Found the following on Oromin; not sure what it really means if anything but all comments appreciated.
TORONTO (miningweekly.com) - TSX-listed Teranga Gold, which was spun out of Mineral Deposits and listed on the TSX and ASX in December, has an enviable position in Senegal, but needs to find more high-grade gold, an analyst said on Friday.
The company owns the producing Sabodala gold mine in Eastern Senegal, about 90 km from major mines in Mali.
“Sabodala, right now, is a little underwhelming,” said the analyst, who didn’t want to be named ahead of a site visit Teranga is hosting for the financial community in February.
But he added that there was a good chance of the company making more discoveries: “It’s a fascinating region. It’s not been actively explored on the Senegal side.”
Teranga’s Sabodala mine, which poured its first gold in 2009, will produce 130 000 oz this financial year, increasing to 200 000 oz/y once a $56-million mill expansion is completed at the end of 2011.
Companies, including NYSE- and LSE-listed Randgold Resources, Teranga and TSX-listed Oromin, have discovered over ten-million ounces of gold in the Sabodala region over the last three years.

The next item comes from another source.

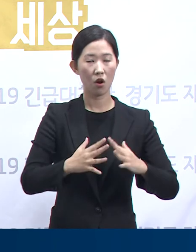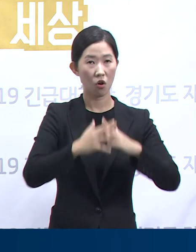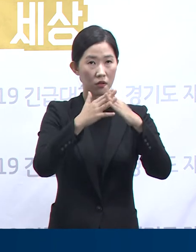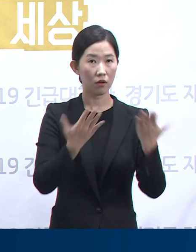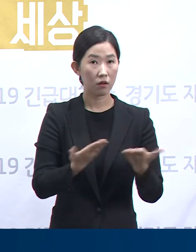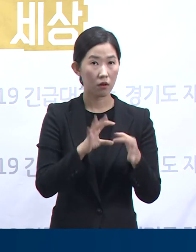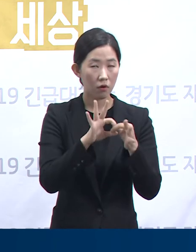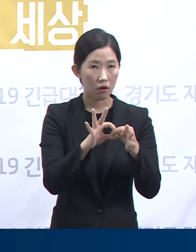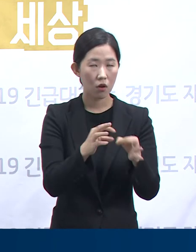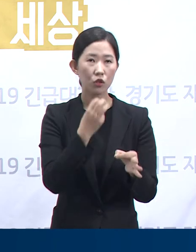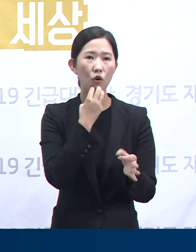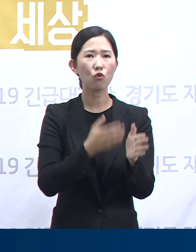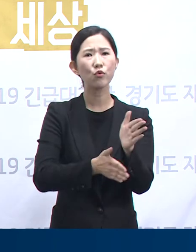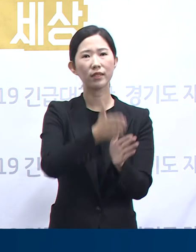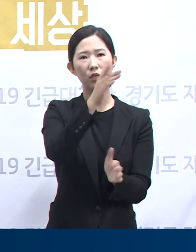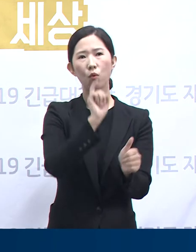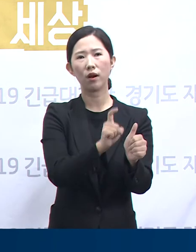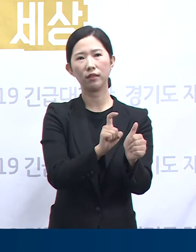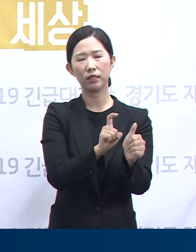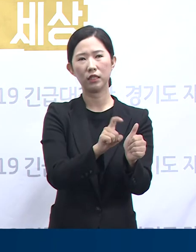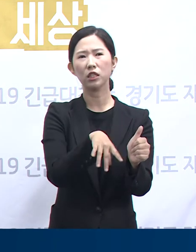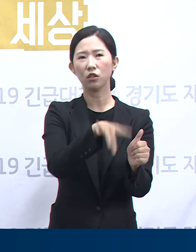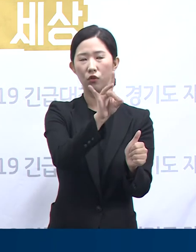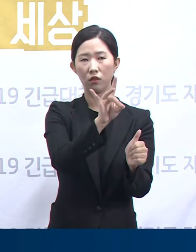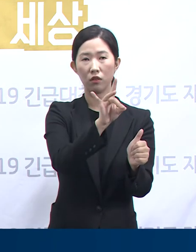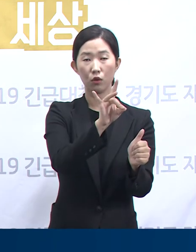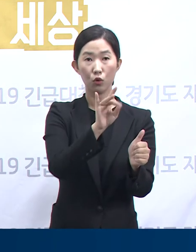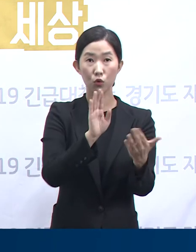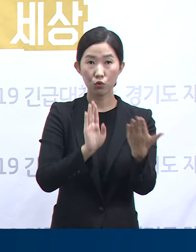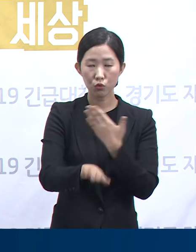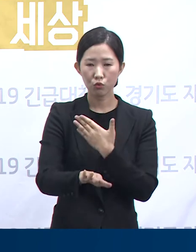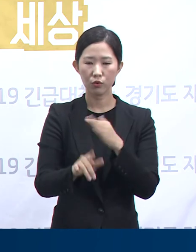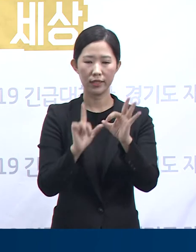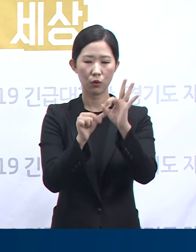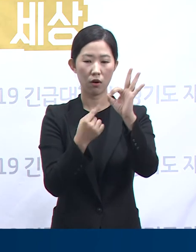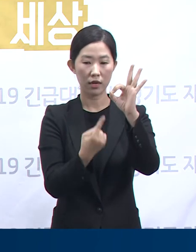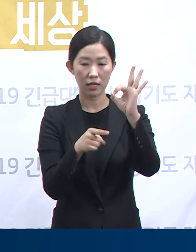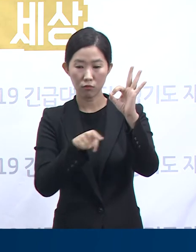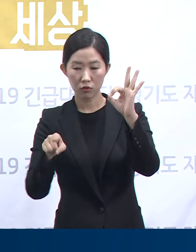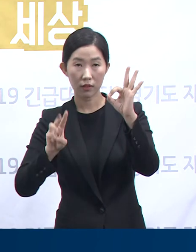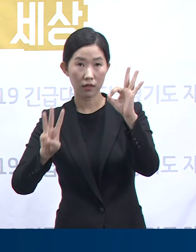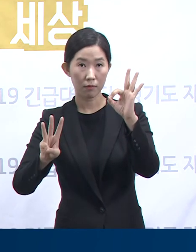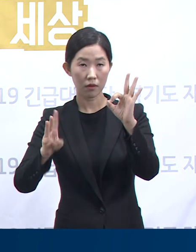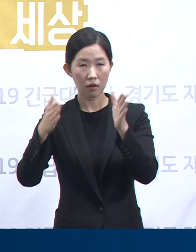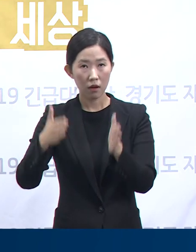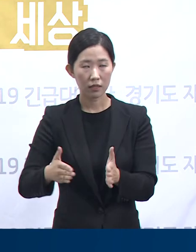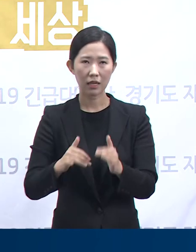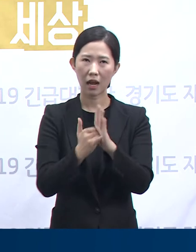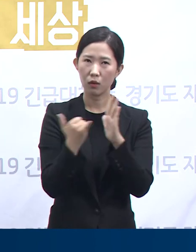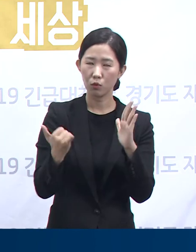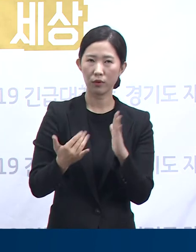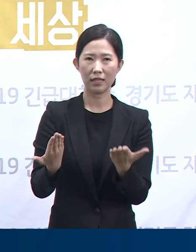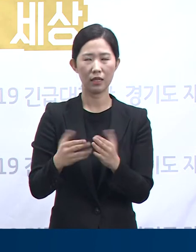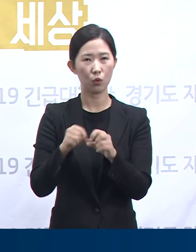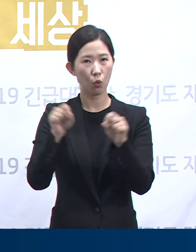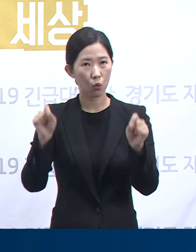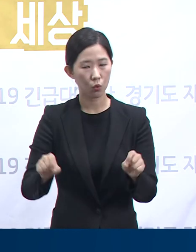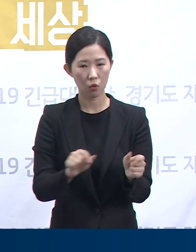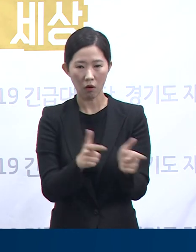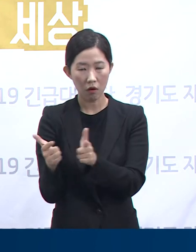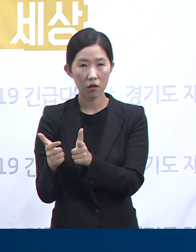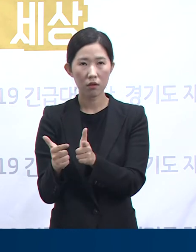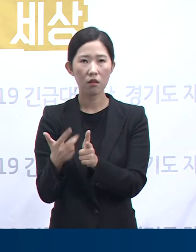서울시 확진자의 첫 발생 이후 지난 1일부터 3일까지 가족과 직장 동료 등 7명이

The region forms part of the same gold belt where AngloGold Ashanti, Randgold Resources and Canada’s Iamgold have mines.
Alan Hill, who returned from the site the day he spoke to Mining Weekly Online, said the opportunity for discovery was “mouthwatering”.
“I’ve never seen an opportunity for finding small deposits,” he added.
Since splitting from Mineral Deposits, Teranga has raised about C$135-million in its initial public offering, the company has a C$19-million exploration budget.
Teranga CFO Richard Young said there had been three drill rigs turning on the company’s 1 488 m2 exploration tenement before the listing, and the goal was to have 15 drill rigs up and running by March.
The company is feeding ore grading at around 1,6 g/t to 1,8 g/t through the mill, Hill said.
This would produce some 200 000 oz/y of gold once the mill’s doubling is complete later this year.
Young noted that if Teranga were to find higher grade ore of 4 g/t to 4,5 g/t, this would lift production to 400 000 oz/y at a cost of around $250/oz.
OROMIN OPPORTUNITY
Meanwhile, the analyst said that it was almost inevitable that Teranga would end up merging with its Canadian peer, Oromin, which has exploration assets next door to Sabodala.
“Our investment thesis is that Teranga has the mill, but the real value is to put it together with Oromin, and that’s when the majors start getting interested,” he said.
In fact, Hill conceded that prior to Teranga’s unbundling, Mineral Deposits had considered this, but decided against it.
He pointed out that Oromin only owned 43,5% of its exploration tenements (with Saudi Arabia’s Bendon International holding the same amount), making the company an expensive acquisition target for Teranga, which already owns 15% of Oromin.
According to a presentation dated August 2010, Iamgold also owns 15% of Oromin.
The TSX-listed company had an estimated 3,5-million ounce total combined mineral resource.
The company was trading at C$1,15 a share on Friday afternoon, giving it a market capitalisation of $155-million.
“I can buy ounces a damn sight cheaper,” said Hill.
Teranga was trading at C$2,74 for a market capitalisation of C$660-million.
HEDGE
The analyst said that Teranga’s hedge book might deter investors.
“If you’re buying a gold company shares then you have a bullish view on the gold price – why would invest in a company with a hedge book?” he asked.
Teranga has a 246 500-oz gold hedge.
“This is something we’ve got to monitor,” said Young, adding it would cost $125-million to buy it out today.
“Maybe we will accelerate delivery into the hedge, the sooner it’s gone the better.”